| Work to be completed |
Only the lines from the beginning of the entries through the one with "#168=VERTEX_POINT('',#523);" should be written out, please, exactly and without any pictures.

| Provided material |
»»

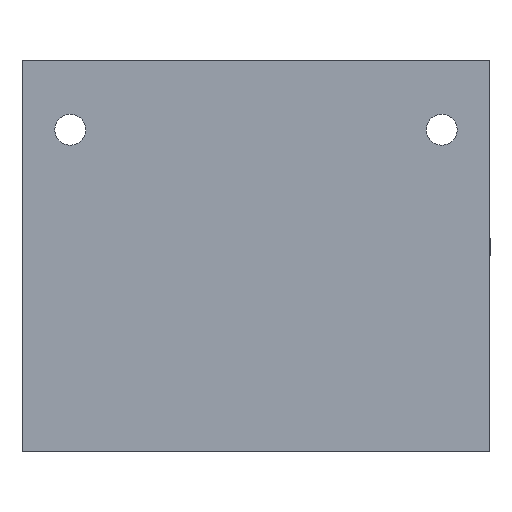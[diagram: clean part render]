
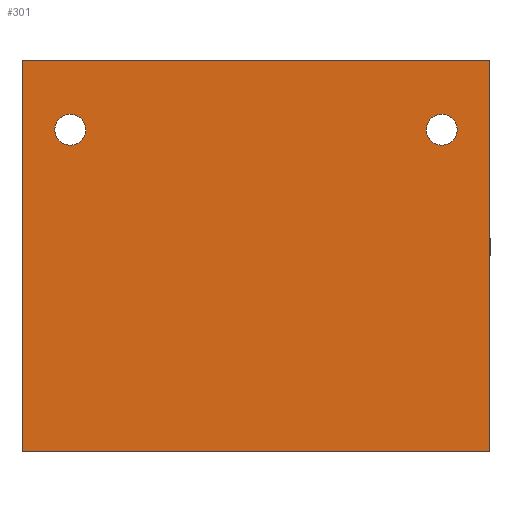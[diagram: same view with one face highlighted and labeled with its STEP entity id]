
A CAD part, left-side view. The second image highlights one B-rep face of the part: STEP entity #301.
In plain terms, the highlighted planar face has unit normal (-1, 0, 0).
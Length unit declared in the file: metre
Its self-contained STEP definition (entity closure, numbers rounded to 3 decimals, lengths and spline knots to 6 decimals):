
#15=LINE('',#504,#27);
#20=LINE('',#522,#32);
#22=LINE('',#526,#34);
#23=LINE('',#527,#35);
#27=VECTOR('',#405,1.);
#32=VECTOR('',#422,1.);
#34=VECTOR('',#426,1.);
#35=VECTOR('',#427,1.);
#43=PLANE('',#351);
#77=ORIENTED_EDGE('',*,*,#119,.F.);
#78=ORIENTED_EDGE('',*,*,#117,.F.);
#79=ORIENTED_EDGE('',*,*,#139,.F.);
#80=ORIENTED_EDGE('',*,*,#128,.F.);
#81=ORIENTED_EDGE('',*,*,#140,.T.);
#82=ORIENTED_EDGE('',*,*,#137,.T.);
#117=EDGE_CURVE('',#149,#149,#177,.T.);
#119=EDGE_CURVE('',#151,#151,#179,.T.);
#128=EDGE_CURVE('',#160,#158,#15,.T.);
#137=EDGE_CURVE('',#168,#167,#20,.T.);
#139=EDGE_CURVE('',#158,#167,#22,.T.);
#140=EDGE_CURVE('',#160,#168,#23,.T.);
#149=VERTEX_POINT('',#479);
#151=VERTEX_POINT('',#484);
#158=VERTEX_POINT('',#499);
#160=VERTEX_POINT('',#503);
#167=VERTEX_POINT('',#521);
#168=VERTEX_POINT('',#523);
#177=CIRCLE('',#334,0.002);
#179=CIRCLE('',#337,0.002);
#208=EDGE_LOOP('',(#77));
#209=EDGE_LOOP('',(#78));
#210=EDGE_LOOP('',(#79,#80,#81,#82));
#254=FACE_BOUND('',#208,.T.);
#255=FACE_BOUND('',#209,.T.);
#256=FACE_BOUND('',#210,.T.);
#301=ADVANCED_FACE('',(#254,#255,#256),#43,.T.);
#334=AXIS2_PLACEMENT_3D('',#478,#380,#381);
#337=AXIS2_PLACEMENT_3D('',#483,#386,#387);
#351=AXIS2_PLACEMENT_3D('',#525,#424,#425);
#380=DIRECTION('',(-1.,0.,0.));
#381=DIRECTION('',(0.,-1.,0.));
#386=DIRECTION('',(-1.,0.,0.));
#387=DIRECTION('',(0.,-1.,0.));
#405=DIRECTION('',(0.,0.,-1.));
#422=DIRECTION('',(0.,0.,-1.));
#424=DIRECTION('',(-1.,0.,0.));
#425=DIRECTION('',(0.,-1.,0.));
#426=DIRECTION('',(0.,1.,0.));
#427=DIRECTION('',(0.,1.,0.));
#478=CARTESIAN_POINT('',(-0.0381,0.00627,0.0418));
#479=CARTESIAN_POINT('',(-0.0381,0.00427,0.0418));
#483=CARTESIAN_POINT('',(-0.0381,0.05453,0.0418));
#484=CARTESIAN_POINT('',(-0.0381,0.05253,0.0418));
#499=CARTESIAN_POINT('',(-0.0381,0.,0.));
#503=CARTESIAN_POINT('',(-0.0381,0.,0.0508));
#504=CARTESIAN_POINT('',(-0.0381,0.,0.0508));
#521=CARTESIAN_POINT('',(-0.0381,0.0608,0.));
#522=CARTESIAN_POINT('',(-0.0381,0.0608,0.0508));
#523=CARTESIAN_POINT('',(-0.0381,0.0608,0.0508));
#525=CARTESIAN_POINT('',(-0.0381,0.0304,0.0508));
#526=CARTESIAN_POINT('',(-0.0381,0.0304,0.));
#527=CARTESIAN_POINT('',(-0.0381,0.0304,0.0508));
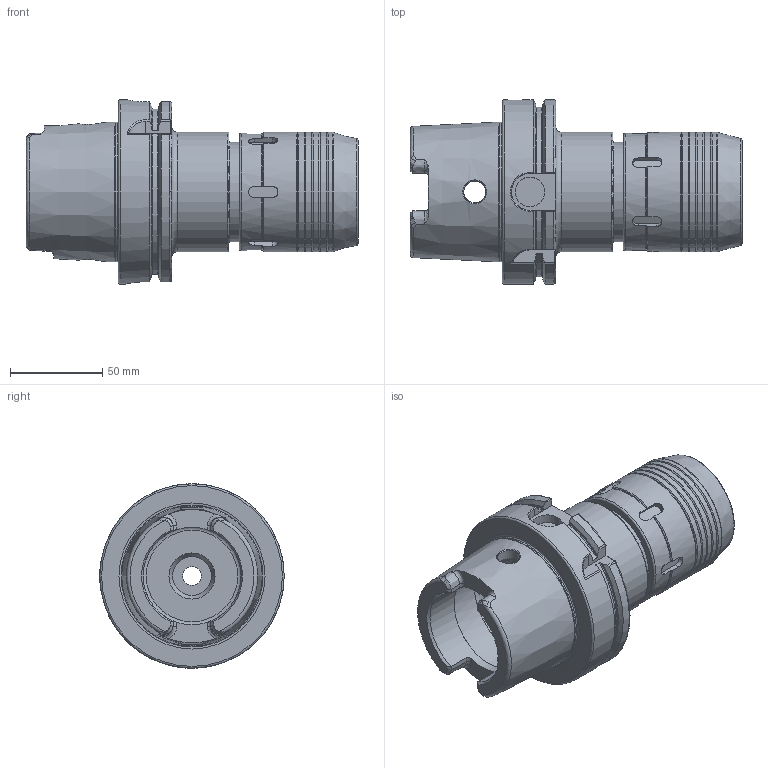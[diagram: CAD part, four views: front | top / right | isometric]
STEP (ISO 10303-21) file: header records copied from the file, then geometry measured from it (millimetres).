
FILE_DESCRIPTION(/* description */ (''),/* implementation_level */ '2;1');
FILE_NAME(/* name */ 'HSK100A-BC125-0512.stp',/* time_stamp */ '2019-07-11T16:03:21-05:00',/* author */ ('ldfli'),/* organization */ ('Pioneer N.A.'),/* preprocessor_version */ 'ST-DEVELOPER v18',/* originating_system */ 'Autodesk Inventor LT',/* authorisation */ '');
FILE_SCHEMA (('AUTOMOTIVE_DESIGN { 1 0 10303 214 3 1 1 }'));
Length unit declared in the file: millimetre
Products named in the file (1): HSK100A-BC125-0512
Bounding box: 180 x 100 x 100 mm (x, y, z)
Volume: 506621.7 mm3; surface area: 106736 mm2
Topology: 4 solids, 4 shells, 295 faces, 865 edges, 590 vertices
Faces by surface type: plane 92, cylinder 63, bspline 51, torus 50, cone 39
Full cylindrical faces by diameter (mm): 10 x1, 10.106 x1, 12 x2, 16 x1, 21 x1, 26 x1, 31.75 x1, 32.5 x1, 52.5 x1, 52.88 x1, 53 x2, 54 x1, 54.2 x1, 56.06 x2, 56.21 x2, 59 x1, 63 x2, 63.5 x1, 64.8 x7, 75.519 x1, 100 x1
Entity records: 13633 total; most frequent: CARTESIAN_POINT 5903, ORIENTED_EDGE 1734, DIRECTION 1532, EDGE_CURVE 867, AXIS2_PLACEMENT_3D 635, VERTEX_POINT 592, CIRCLE 386, EDGE_LOOP 319
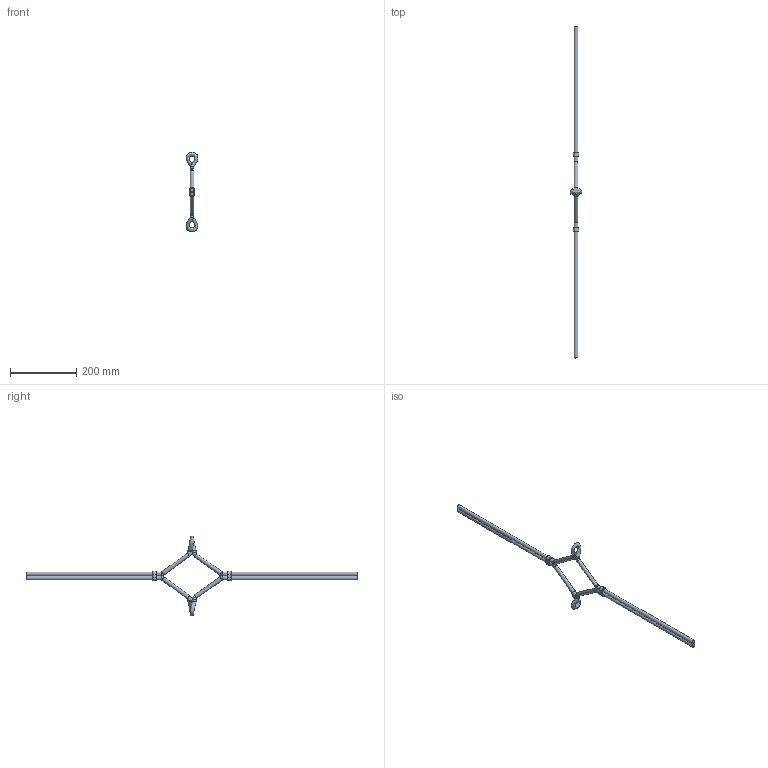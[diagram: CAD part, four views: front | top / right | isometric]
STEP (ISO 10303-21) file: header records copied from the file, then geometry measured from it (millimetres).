
FILE_DESCRIPTION (( 'STEP AP203' ), '1' );
FILE_NAME ('18301-240.STEP', '2021-11-24T15:19:38', ( '' ), ( '' ), 'SwSTEP 2.0', 'SolidWorks 2018', '' );
FILE_SCHEMA (( 'CONFIG_CONTROL_DESIGN' ));
Length unit declared in the file: millimetre
Products named in the file (8): 18301-240 Teil3; 18301-240 Teil3_18301-240 Teil3; 18301-240 Teil2; 18301-240 Teil1_18301-240 Teil1; 18301-240 Teil1; 18301-240; 18301-240 Teil2_18301-240 Teil2
Assembly tree (4 placements, depth 2):
  18301-240 Teil3
  18301-240 Teil3
  18301-240 Teil2
  18301-240 Teil1
  18301-240
    18301-240 Teil1_18301-240 Teil1
    18301-240 Teil2_18301-240 Teil2
    18301-240 Teil3_18301-240 Teil3  x2
Bounding box: 35.28 x 1000 x 240.03 mm (x, y, z)
Volume: 258479.5 mm3; surface area: 90409.4 mm2
Topology: 4 solids, 4 shells, 323 faces, 835 edges, 546 vertices
Faces by surface type: plane 154, bspline 127, cylinder 28, torus 14
Full cylindrical faces by diameter (mm): 12 x12
Entity records: 17285 total; most frequent: CARTESIAN_POINT 10001, ORIENTED_EDGE 1538, DIRECTION 935, EDGE_CURVE 769, VERTEX_POINT 518, LINE 479, VECTOR 479, EDGE_LOOP 355

««

| Completed exercise |
[diagram: clean part render]
[diagram: same view with one face highlighted and labeled with its STEP entity id]
A CAD part, left-side view. The second image highlights one B-rep face of the part: STEP entity #301.
In plain terms, the highlighted planar face has unit normal (-1, 0, 0).
Length unit declared in the file: metre
Its self-contained STEP definition (entity closure, numbers rounded to 3 decimals, lengths and spline knots to 6 decimals):
#15=LINE('',#504,#27);
#20=LINE('',#522,#32);
#22=LINE('',#526,#34);
#23=LINE('',#527,#35);
#27=VECTOR('',#405,1.);
#32=VECTOR('',#422,1.);
#34=VECTOR('',#426,1.);
#35=VECTOR('',#427,1.);
#43=PLANE('',#351);
#77=ORIENTED_EDGE('',*,*,#119,.F.);
#78=ORIENTED_EDGE('',*,*,#117,.F.);
#79=ORIENTED_EDGE('',*,*,#139,.F.);
#80=ORIENTED_EDGE('',*,*,#128,.F.);
#81=ORIENTED_EDGE('',*,*,#140,.T.);
#82=ORIENTED_EDGE('',*,*,#137,.T.);
#117=EDGE_CURVE('',#149,#149,#177,.T.);
#119=EDGE_CURVE('',#151,#151,#179,.T.);
#128=EDGE_CURVE('',#160,#158,#15,.T.);
#137=EDGE_CURVE('',#168,#167,#20,.T.);
#139=EDGE_CURVE('',#158,#167,#22,.T.);
#140=EDGE_CURVE('',#160,#168,#23,.T.);
#149=VERTEX_POINT('',#479);
#151=VERTEX_POINT('',#484);
#158=VERTEX_POINT('',#499);
#160=VERTEX_POINT('',#503);
#167=VERTEX_POINT('',#521);
#168=VERTEX_POINT('',#523);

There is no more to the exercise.